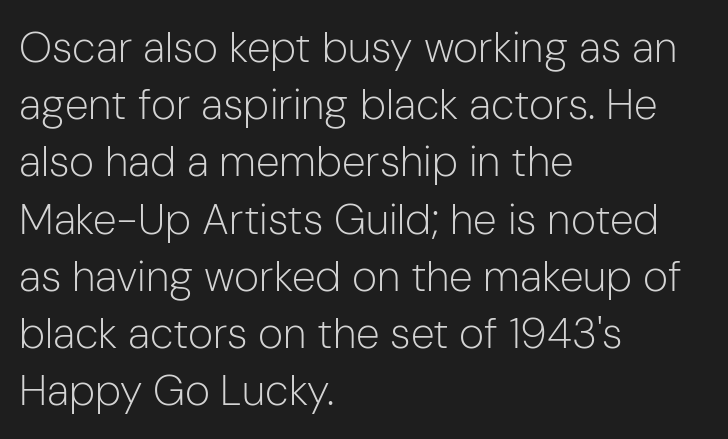
The designer went with a sans here, leaving each stem footless. A student would call this left alignment; a typographer would say flush left, rag right. Lines of text with bare space underneath. Every character sits straight up, as roman type does. Compared with a typical body face, this is equally light or lighter still. Evenly set lines give the paragraph a standard silhouette.
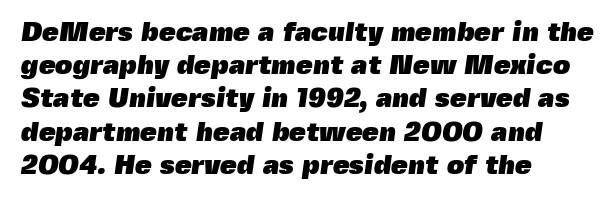
Q: Is the text bold? A: Yes.
Q: Is the text underlined? A: No.
Q: How is the paragraph aligned? A: Left-aligned.
Q: Is the spacing between letters normal or unusually wide? A: Normal.
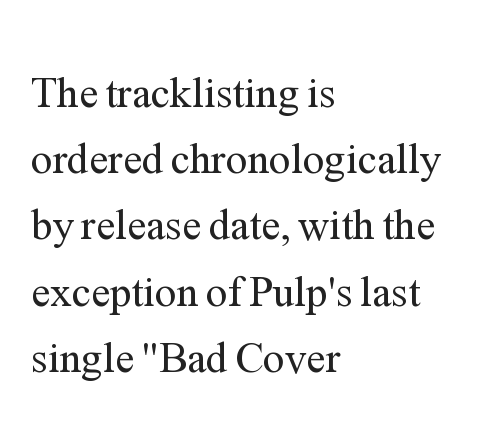
The image shows 43 px regular-weight serif type, upright; set left-aligned, normal line spacing (1.54x), normal letter spacing, not underlined; medium stroke contrast and a medium x-height.
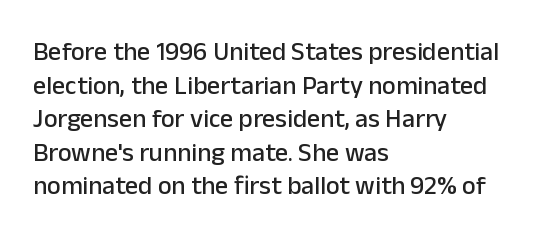
Q: Is the text italic (slanted)? A: No, it is upright.
Q: Is the text underlined? A: No.
Q: How is the paragraph aligned? A: Left-aligned.
Q: Is the spacing between letters normal or unusually wide? A: Normal.
Q: Is the spacing between lines tight, normal or loose? A: Normal.
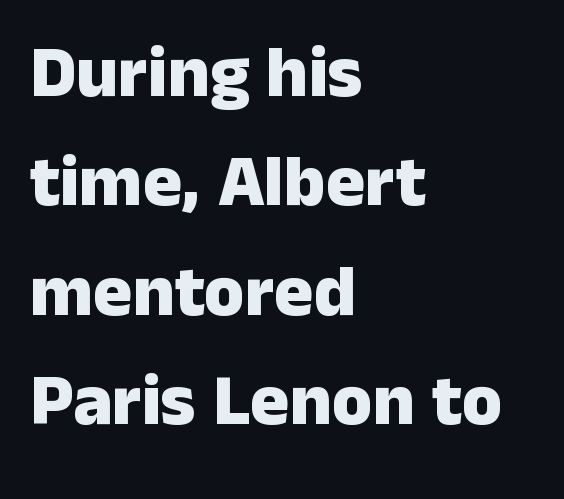
Bare-footed words on every line. Here the designer chose a conventional face with non-uniform glyph widths. The typesetting leans heavy: a genuine bold. The rendering anchors every line to the left-hand side.
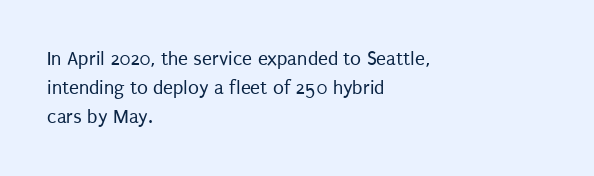
Q: Is the text bold? A: No.
Q: Is the text italic (slanted)? A: No, it is upright.
Q: Is the text underlined? A: No.
Q: How is the paragraph aligned? A: Left-aligned.
Q: Is the spacing between letters normal or unusually wide? A: Normal.
Q: Is the spacing between lines tight, normal or loose? A: Normal.
○ ○ ○ ○ ○ ○ ○
■ **Work to be completed**:
The whole listing above, line by line, needs to be copied exactly, except for any images.

■ **Result of this exercise**:
The designer went with a sans here, leaving each stem footless. A student would call this left alignment; a typographer would say flush left, rag right. Lines of text with bare space underneath. Every character sits straight up, as roman type does. Compared with a typical body face, this is equally light or lighter still. Evenly set lines give the paragraph a standard silhouette.
Q: Is the text bold? A: Yes.
Q: Is the text underlined? A: No.
Q: How is the paragraph aligned? A: Left-aligned.
Q: Is the spacing between letters normal or unusually wide? A: Normal.
The image shows 43 px regular-weight serif type, upright; set left-aligned, normal line spacing (1.54x), normal letter spacing, not underlined; medium stroke contrast and a medium x-height.
Q: Is the text italic (slanted)? A: No, it is upright.
Q: Is the text underlined? A: No.
Q: How is the paragraph aligned? A: Left-aligned.
Q: Is the spacing between letters normal or unusually wide? A: Normal.
Q: Is the spacing between lines tight, normal or loose? A: Normal.
Bare-footed words on every line. Here the designer chose a conventional face with non-uniform glyph widths. The typesetting leans heavy: a genuine bold. The rendering anchors every line to the left-hand side.
Q: Is the text bold? A: No.
Q: Is the text italic (slanted)? A: No, it is upright.
Q: Is the text underlined? A: No.
Q: How is the paragraph aligned? A: Left-aligned.
Q: Is the spacing between letters normal or unusually wide? A: Normal.
Q: Is the spacing between lines tight, normal or loose? A: Normal.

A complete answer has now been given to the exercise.